*** DATASET RECORDS ***

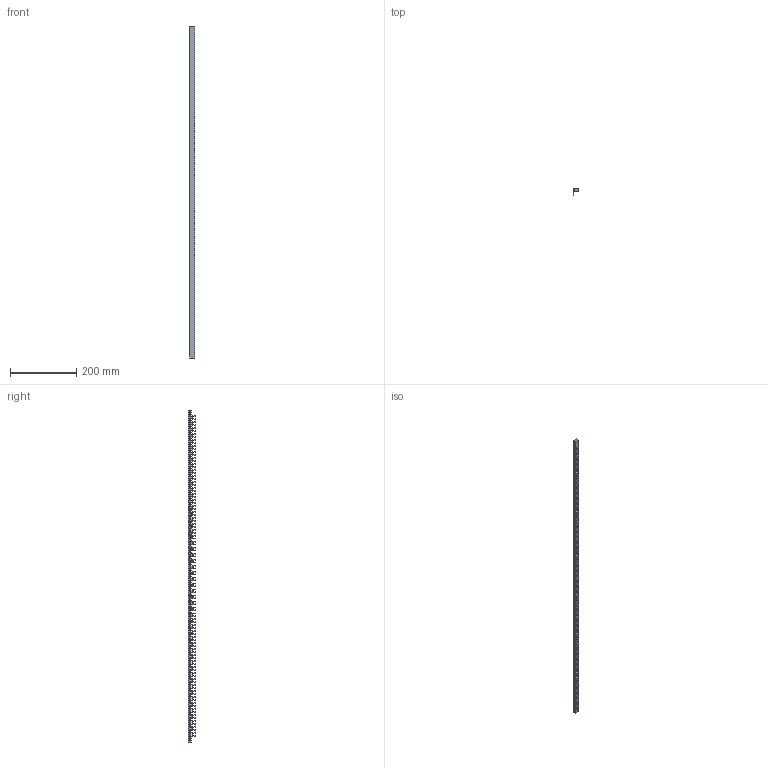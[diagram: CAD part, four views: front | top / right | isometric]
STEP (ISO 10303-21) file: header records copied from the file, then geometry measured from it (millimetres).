
FILE_DESCRIPTION (( 'STEP AP203' ), '1' );
FILE_NAME ('YNS11-2-063 Øèíà ñîåäèíèòåëüíàÿ òèïà FORK (âèëêà) 2Ð 63À (äë.1 ì) ÈÝÊ.STEP', '2016-09-06T11:20:04', ( '' ), ( '' ), 'SwSTEP 2.0', 'SolidWorks 2014', '' );
FILE_SCHEMA (( 'CONFIG_CONTROL_DESIGN' ));
Length unit declared in the file: millimetre
Products named in the file (1): YNS11-2-063 Øèíà ñîåäèíèòåëüíàÿ òèïà FORK (âèëêà) 2Ð 63À (äë.1 ì) ÈÝÊ
Bounding box: 18 x 21.7 x 1000 mm (x, y, z)
Volume: 146924.7 mm3; surface area: 78051.4 mm2
Topology: 1 solids, 1 shells, 986 faces, 2736 edges, 1752 vertices
Faces by surface type: plane 824, cylinder 162
Entity records: 30953 total; most frequent: CARTESIAN_POINT 5475, ORIENTED_EDGE 5472, DIRECTION 5034, EDGE_CURVE 2736, VECTOR 2412, LINE 2412, VERTEX_POINT 1752, AXIS2_PLACEMENT_3D 1311

*** End of DATASET RECORDS ***

PROBLEM:
Please transcribe every record above exactly as written, leaving out the pictures.

EXPECTED ANSWER:
[diagram: CAD part, four views: front | top / right | isometric]
STEP (ISO 10303-21) file: header records copied from the file, then geometry measured from it (millimetres).
FILE_DESCRIPTION (( 'STEP AP203' ), '1' );
FILE_NAME ('YNS11-2-063 Øèíà ñîåäèíèòåëüíàÿ òèïà FORK (âèëêà) 2Ð 63À (äë.1 ì) ÈÝÊ.STEP', '2016-09-06T11:20:04', ( '' ), ( '' ), 'SwSTEP 2.0', 'SolidWorks 2014', '' );
FILE_SCHEMA (( 'CONFIG_CONTROL_DESIGN' ));
Length unit declared in the file: millimetre
Products named in the file (1): YNS11-2-063 Øèíà ñîåäèíèòåëüíàÿ òèïà FORK (âèëêà) 2Ð 63À (äë.1 ì) ÈÝÊ
Bounding box: 18 x 21.7 x 1000 mm (x, y, z)
Volume: 146924.7 mm3; surface area: 78051.4 mm2
Topology: 1 solids, 1 shells, 986 faces, 2736 edges, 1752 vertices
Faces by surface type: plane 824, cylinder 162
Entity records: 30953 total; most frequent: CARTESIAN_POINT 5475, ORIENTED_EDGE 5472, DIRECTION 5034, EDGE_CURVE 2736, VECTOR 2412, LINE 2412, VERTEX_POINT 1752, AXIS2_PLACEMENT_3D 1311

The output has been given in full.